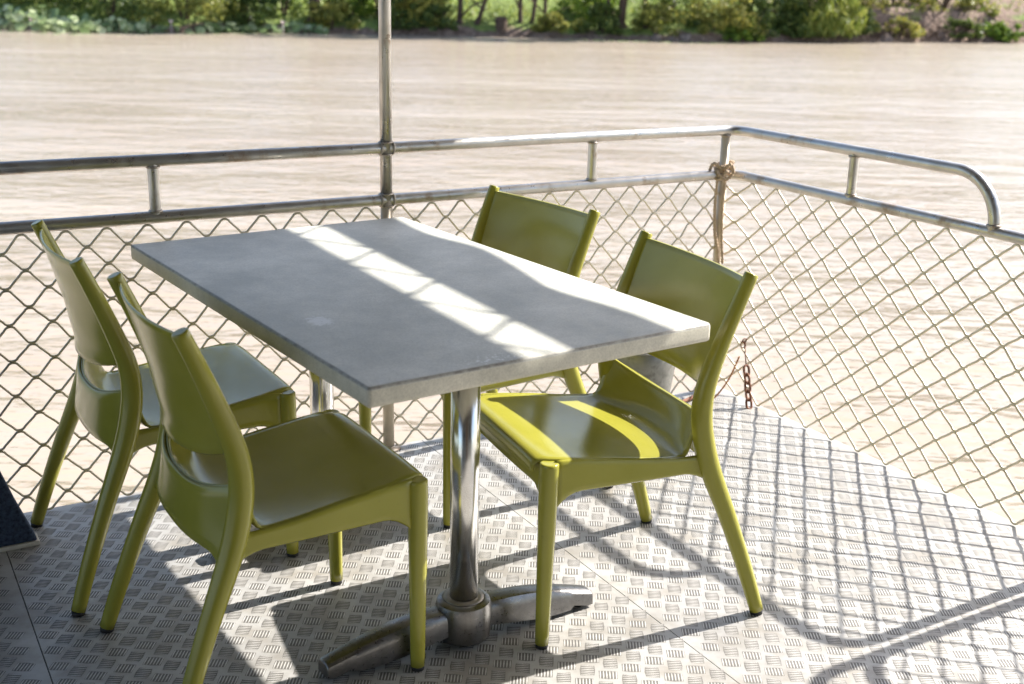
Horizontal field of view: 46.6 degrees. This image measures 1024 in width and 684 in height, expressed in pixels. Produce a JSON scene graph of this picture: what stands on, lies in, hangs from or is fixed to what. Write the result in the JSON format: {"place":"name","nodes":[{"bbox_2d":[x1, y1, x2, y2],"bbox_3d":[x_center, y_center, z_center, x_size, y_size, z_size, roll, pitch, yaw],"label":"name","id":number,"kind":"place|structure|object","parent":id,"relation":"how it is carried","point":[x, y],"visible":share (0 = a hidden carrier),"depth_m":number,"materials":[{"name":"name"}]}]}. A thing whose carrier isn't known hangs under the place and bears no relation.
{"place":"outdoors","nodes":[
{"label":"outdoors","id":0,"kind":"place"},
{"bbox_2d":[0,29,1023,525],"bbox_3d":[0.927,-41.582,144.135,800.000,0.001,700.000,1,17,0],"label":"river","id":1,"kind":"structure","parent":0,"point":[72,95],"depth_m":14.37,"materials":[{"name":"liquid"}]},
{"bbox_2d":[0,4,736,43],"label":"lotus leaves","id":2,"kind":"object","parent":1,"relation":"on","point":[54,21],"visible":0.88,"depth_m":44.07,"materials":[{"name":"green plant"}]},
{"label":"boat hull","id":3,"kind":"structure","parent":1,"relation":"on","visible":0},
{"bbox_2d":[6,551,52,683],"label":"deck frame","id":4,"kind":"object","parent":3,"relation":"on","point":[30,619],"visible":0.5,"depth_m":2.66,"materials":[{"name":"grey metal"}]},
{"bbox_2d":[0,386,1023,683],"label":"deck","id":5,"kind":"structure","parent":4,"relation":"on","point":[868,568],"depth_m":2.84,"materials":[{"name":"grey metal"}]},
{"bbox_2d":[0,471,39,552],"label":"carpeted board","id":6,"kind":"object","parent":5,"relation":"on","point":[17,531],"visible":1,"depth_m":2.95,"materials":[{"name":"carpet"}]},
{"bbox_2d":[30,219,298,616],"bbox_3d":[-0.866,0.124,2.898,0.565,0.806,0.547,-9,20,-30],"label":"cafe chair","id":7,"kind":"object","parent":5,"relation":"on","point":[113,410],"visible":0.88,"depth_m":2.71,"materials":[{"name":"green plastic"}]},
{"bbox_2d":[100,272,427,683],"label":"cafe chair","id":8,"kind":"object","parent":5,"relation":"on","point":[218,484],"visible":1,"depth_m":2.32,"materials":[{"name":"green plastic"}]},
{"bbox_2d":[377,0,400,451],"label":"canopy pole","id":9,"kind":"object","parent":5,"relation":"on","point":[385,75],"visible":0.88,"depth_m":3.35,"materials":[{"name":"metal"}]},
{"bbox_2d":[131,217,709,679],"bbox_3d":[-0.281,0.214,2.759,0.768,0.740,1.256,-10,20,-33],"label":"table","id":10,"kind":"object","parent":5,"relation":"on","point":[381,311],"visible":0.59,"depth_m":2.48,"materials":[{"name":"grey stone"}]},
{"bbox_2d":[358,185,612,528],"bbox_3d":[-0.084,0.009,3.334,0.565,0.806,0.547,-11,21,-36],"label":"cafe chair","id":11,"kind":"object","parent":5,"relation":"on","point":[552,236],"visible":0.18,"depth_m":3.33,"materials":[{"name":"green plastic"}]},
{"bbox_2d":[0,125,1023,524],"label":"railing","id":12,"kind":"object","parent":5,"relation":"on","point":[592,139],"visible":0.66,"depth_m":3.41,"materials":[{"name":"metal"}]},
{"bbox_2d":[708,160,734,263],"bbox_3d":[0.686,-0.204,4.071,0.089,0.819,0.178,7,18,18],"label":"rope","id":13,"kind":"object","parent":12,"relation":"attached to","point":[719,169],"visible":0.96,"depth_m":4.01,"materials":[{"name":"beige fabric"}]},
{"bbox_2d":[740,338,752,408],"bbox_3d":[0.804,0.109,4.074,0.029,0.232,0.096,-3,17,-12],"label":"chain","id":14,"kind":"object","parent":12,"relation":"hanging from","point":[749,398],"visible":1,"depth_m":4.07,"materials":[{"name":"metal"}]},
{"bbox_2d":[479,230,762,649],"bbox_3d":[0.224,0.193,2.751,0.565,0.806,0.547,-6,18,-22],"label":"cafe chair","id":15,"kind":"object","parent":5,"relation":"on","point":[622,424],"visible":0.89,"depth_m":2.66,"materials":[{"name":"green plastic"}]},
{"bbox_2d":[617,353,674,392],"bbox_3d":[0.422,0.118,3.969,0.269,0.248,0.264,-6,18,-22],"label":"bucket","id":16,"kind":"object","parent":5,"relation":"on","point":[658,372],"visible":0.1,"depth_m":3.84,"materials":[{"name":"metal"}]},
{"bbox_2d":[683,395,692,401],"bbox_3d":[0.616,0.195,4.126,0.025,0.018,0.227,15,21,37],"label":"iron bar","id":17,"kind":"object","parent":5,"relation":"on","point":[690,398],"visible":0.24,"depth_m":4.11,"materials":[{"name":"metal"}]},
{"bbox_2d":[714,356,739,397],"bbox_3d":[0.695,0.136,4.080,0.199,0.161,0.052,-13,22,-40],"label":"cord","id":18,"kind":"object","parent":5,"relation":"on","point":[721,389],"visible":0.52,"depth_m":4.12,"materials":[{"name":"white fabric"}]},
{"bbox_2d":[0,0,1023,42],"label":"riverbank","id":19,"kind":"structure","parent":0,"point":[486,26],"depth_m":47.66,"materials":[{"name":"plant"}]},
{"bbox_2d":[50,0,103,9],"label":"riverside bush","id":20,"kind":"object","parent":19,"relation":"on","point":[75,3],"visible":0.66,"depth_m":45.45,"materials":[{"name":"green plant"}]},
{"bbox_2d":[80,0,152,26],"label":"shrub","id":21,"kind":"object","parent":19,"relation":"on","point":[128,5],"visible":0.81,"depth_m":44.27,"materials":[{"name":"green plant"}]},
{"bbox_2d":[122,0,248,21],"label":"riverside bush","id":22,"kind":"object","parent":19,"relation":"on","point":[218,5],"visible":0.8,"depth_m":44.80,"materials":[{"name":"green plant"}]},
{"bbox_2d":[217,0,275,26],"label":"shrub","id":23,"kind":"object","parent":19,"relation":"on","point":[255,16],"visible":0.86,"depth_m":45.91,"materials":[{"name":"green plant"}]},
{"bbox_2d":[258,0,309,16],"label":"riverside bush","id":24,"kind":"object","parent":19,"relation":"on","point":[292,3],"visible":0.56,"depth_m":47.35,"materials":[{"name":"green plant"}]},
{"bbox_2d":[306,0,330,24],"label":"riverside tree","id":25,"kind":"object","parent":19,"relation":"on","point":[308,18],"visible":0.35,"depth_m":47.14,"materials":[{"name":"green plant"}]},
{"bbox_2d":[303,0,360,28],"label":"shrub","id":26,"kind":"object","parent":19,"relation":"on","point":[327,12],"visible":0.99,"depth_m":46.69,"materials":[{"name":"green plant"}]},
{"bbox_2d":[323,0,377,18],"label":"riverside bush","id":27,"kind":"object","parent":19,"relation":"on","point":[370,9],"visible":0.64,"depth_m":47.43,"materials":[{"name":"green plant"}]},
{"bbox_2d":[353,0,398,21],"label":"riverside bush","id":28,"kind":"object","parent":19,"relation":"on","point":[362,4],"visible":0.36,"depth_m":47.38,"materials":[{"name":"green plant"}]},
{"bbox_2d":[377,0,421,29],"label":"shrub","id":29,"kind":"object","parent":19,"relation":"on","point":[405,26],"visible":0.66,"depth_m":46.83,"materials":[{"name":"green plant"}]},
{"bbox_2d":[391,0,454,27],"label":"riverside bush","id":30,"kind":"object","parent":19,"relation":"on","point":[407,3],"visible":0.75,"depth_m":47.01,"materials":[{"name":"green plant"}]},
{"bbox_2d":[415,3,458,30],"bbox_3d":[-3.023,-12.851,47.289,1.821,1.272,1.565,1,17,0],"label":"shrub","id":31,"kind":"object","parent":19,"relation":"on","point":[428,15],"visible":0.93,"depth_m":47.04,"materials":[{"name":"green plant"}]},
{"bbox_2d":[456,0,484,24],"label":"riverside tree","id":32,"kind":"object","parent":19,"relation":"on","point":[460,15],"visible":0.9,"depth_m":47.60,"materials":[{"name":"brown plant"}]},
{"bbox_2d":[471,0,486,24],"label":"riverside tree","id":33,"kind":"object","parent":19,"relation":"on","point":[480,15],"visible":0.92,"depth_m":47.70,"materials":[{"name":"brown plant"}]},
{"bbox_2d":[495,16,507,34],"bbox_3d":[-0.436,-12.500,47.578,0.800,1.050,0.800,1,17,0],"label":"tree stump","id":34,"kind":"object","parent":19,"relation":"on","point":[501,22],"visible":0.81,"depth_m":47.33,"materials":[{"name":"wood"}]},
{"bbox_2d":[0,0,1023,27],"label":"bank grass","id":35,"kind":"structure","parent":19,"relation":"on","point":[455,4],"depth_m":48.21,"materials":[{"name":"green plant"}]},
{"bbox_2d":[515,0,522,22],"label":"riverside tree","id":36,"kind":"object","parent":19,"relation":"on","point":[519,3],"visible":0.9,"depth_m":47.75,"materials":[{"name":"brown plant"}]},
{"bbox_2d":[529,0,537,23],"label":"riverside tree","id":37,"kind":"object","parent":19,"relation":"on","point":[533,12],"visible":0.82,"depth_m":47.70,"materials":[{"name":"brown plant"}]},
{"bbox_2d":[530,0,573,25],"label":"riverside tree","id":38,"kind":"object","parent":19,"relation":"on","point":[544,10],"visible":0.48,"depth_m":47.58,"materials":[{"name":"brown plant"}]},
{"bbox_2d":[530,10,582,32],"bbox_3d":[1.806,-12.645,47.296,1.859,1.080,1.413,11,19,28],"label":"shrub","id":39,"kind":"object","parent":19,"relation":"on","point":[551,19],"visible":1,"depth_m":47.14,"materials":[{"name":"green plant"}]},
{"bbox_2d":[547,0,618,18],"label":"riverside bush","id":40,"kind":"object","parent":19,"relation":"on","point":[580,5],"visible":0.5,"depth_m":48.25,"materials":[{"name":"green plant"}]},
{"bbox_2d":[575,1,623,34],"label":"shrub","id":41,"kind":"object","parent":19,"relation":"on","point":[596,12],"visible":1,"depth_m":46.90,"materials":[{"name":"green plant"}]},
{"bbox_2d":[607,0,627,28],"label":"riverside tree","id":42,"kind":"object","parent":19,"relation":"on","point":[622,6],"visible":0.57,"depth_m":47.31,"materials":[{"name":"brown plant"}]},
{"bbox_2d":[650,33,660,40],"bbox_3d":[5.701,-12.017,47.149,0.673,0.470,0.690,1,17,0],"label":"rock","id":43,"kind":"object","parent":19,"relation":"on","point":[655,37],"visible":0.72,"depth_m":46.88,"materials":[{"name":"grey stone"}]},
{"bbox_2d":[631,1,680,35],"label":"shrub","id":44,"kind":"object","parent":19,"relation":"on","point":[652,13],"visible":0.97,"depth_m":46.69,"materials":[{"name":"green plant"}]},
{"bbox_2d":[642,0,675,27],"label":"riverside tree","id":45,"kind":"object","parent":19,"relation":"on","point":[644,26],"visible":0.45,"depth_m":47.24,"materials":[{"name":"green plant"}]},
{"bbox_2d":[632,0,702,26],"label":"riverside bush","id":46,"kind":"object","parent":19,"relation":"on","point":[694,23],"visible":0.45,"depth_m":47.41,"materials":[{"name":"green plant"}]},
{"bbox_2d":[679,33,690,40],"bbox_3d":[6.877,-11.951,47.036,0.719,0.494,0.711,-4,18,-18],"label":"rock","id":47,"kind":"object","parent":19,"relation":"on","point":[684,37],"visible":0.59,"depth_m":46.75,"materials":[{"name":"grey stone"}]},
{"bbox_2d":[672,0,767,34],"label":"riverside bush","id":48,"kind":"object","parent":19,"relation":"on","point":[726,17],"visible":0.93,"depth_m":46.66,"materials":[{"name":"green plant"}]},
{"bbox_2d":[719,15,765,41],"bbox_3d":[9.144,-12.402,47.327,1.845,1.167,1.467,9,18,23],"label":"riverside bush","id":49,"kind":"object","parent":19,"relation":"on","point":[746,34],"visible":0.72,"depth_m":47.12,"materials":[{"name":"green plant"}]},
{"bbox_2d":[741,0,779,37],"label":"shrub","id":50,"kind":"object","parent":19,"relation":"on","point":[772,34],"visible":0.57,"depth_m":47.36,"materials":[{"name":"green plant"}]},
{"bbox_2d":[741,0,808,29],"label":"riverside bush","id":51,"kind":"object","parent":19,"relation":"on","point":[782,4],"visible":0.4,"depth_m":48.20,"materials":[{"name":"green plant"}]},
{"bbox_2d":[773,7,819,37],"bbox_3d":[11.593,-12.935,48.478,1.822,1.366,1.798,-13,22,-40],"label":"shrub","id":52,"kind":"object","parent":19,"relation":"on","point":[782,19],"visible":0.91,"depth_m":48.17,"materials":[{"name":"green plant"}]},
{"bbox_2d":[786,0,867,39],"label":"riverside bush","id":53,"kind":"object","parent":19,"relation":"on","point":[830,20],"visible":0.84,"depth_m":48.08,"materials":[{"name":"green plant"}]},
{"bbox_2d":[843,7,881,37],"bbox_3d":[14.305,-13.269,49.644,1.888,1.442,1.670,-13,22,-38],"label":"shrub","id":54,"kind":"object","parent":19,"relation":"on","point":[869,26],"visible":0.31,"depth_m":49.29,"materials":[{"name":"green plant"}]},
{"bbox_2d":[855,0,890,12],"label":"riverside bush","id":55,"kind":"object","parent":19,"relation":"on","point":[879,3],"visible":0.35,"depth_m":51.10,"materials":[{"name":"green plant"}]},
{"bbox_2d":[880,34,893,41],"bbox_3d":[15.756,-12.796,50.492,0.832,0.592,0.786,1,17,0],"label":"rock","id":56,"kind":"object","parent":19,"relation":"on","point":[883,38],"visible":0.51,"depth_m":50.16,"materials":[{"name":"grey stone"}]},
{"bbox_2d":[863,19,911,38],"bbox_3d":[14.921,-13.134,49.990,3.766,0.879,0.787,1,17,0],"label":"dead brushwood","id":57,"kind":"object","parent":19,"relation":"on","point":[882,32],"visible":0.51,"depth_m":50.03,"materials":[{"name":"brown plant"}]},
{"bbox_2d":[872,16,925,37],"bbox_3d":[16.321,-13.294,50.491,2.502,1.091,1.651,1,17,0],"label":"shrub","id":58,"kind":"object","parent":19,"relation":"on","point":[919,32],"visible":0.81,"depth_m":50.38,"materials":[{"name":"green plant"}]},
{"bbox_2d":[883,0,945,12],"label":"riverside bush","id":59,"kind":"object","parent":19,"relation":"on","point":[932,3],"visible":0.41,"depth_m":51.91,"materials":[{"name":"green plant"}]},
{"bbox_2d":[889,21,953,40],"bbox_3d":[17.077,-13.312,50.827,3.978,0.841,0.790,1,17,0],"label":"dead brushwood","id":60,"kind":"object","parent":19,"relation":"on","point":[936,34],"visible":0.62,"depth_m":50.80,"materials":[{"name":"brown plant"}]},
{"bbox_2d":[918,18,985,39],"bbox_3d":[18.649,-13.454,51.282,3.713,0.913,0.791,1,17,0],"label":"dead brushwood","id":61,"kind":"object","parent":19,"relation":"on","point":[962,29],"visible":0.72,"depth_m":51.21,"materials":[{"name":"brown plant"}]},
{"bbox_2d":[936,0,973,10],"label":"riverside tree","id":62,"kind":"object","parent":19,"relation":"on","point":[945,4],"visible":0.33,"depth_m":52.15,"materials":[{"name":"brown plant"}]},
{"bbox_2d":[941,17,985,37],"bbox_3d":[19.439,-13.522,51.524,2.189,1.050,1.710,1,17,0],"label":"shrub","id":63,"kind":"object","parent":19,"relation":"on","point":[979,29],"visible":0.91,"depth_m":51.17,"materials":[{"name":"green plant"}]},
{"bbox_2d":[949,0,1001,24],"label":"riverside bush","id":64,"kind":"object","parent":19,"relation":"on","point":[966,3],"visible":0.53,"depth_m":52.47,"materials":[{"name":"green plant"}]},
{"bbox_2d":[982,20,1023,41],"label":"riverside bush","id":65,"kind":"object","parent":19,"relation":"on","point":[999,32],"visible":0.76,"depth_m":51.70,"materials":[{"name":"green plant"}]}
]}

* * * * * * *

The expected result is a copy of each line in the records where "deck" appears.

* _Output_:
{"bbox_2d":[6,551,52,683],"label":"deck frame","id":4,"kind":"object","parent":3,"relation":"on","point":[30,619],"visible":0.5,"depth_m":2.66,"materials":[{"name":"grey metal"}]},
{"bbox_2d":[0,386,1023,683],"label":"deck","id":5,"kind":"structure","parent":4,"relation":"on","point":[868,568],"depth_m":2.84,"materials":[{"name":"grey metal"}]},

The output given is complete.